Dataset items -

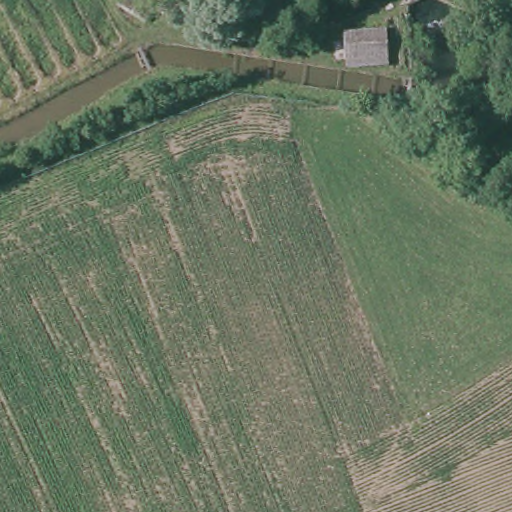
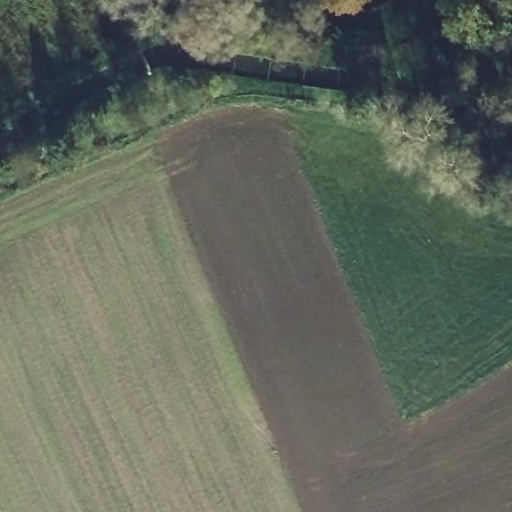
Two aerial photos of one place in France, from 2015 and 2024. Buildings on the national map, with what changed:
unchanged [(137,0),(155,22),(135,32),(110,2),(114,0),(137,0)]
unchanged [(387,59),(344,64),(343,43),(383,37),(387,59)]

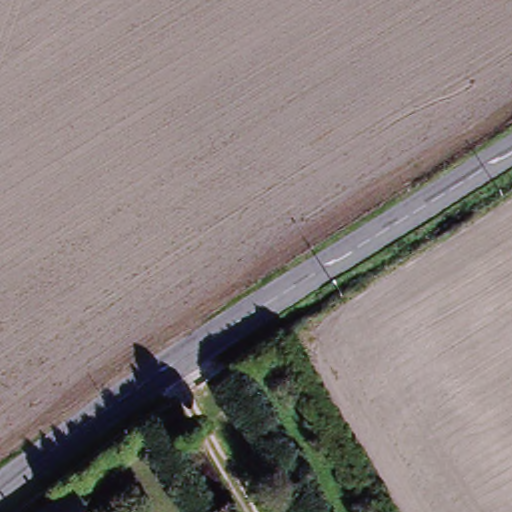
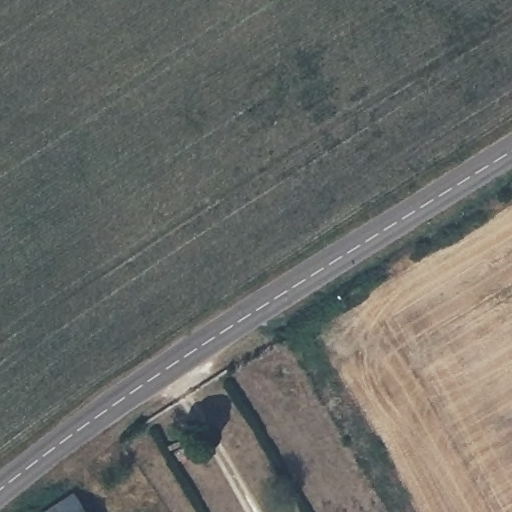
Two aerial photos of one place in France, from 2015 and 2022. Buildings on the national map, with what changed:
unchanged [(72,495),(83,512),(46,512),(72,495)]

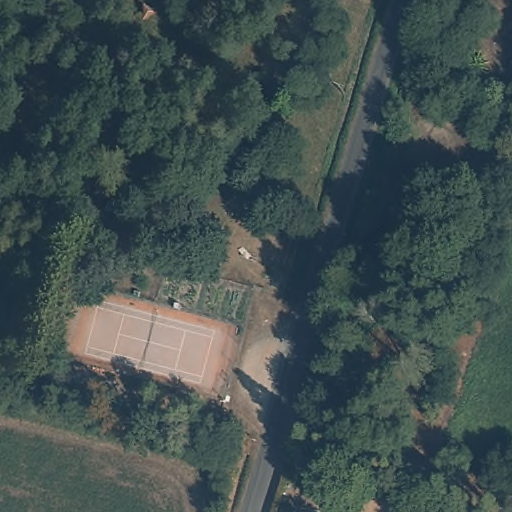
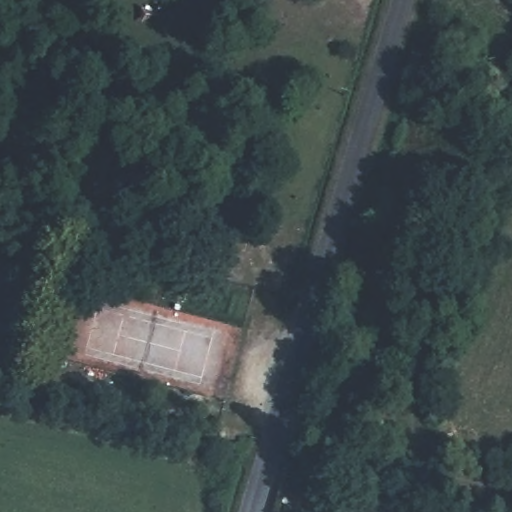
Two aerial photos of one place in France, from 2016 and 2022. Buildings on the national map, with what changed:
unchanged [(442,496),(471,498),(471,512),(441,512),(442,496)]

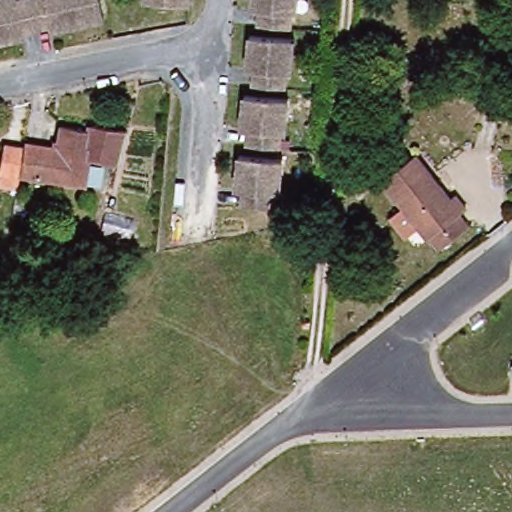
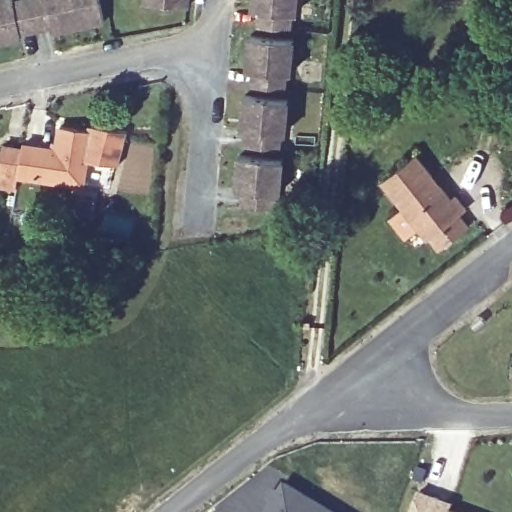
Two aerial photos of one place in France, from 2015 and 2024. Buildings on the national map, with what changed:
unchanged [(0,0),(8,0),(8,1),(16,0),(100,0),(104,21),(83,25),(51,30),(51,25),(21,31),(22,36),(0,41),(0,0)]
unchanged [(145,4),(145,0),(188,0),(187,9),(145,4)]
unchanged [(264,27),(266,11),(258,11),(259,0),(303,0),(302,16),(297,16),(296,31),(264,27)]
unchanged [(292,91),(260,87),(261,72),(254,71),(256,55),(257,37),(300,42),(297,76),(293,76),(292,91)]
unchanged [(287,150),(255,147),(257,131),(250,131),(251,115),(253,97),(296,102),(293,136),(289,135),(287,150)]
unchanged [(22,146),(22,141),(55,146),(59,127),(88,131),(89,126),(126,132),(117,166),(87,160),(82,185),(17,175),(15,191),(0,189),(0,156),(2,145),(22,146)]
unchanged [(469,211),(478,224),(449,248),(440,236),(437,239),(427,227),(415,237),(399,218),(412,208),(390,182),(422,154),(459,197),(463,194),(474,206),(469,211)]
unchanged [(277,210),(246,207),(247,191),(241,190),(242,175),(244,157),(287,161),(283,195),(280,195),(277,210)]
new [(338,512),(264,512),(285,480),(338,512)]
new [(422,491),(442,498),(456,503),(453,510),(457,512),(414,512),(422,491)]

What the exercise asks - Write out the records shown above exactly, but do not include any images.

Answer to this exercise -
Two aerial photos of one place in France, from 2015 and 2024. Buildings on the national map, with what changed:
unchanged [(137,0),(155,22),(135,32),(110,2),(114,0),(137,0)]
unchanged [(387,59),(344,64),(343,43),(383,37),(387,59)]

Two aerial photos of one place in France, from 2015 and 2022. Buildings on the national map, with what changed:
unchanged [(72,495),(83,512),(46,512),(72,495)]

Two aerial photos of one place in France, from 2016 and 2022. Buildings on the national map, with what changed:
unchanged [(442,496),(471,498),(471,512),(441,512),(442,496)]

Two aerial photos of one place in France, from 2015 and 2024. Buildings on the national map, with what changed:
unchanged [(0,0),(8,0),(8,1),(16,0),(100,0),(104,21),(83,25),(51,30),(51,25),(21,31),(22,36),(0,41),(0,0)]
unchanged [(145,4),(145,0),(188,0),(187,9),(145,4)]
unchanged [(264,27),(266,11),(258,11),(259,0),(303,0),(302,16),(297,16),(296,31),(264,27)]
unchanged [(292,91),(260,87),(261,72),(254,71),(256,55),(257,37),(300,42),(297,76),(293,76),(292,91)]
unchanged [(287,150),(255,147),(257,131),(250,131),(251,115),(253,97),(296,102),(293,136),(289,135),(287,150)]
unchanged [(22,146),(22,141),(55,146),(59,127),(88,131),(89,126),(126,132),(117,166),(87,160),(82,185),(17,175),(15,191),(0,189),(0,156),(2,145),(22,146)]
unchanged [(469,211),(478,224),(449,248),(440,236),(437,239),(427,227),(415,237),(399,218),(412,208),(390,182),(422,154),(459,197),(463,194),(474,206),(469,211)]
unchanged [(277,210),(246,207),(247,191),(241,190),(242,175),(244,157),(287,161),(283,195),(280,195),(277,210)]
new [(338,512),(264,512),(285,480),(338,512)]
new [(422,491),(442,498),(456,503),(453,510),(457,512),(414,512),(422,491)]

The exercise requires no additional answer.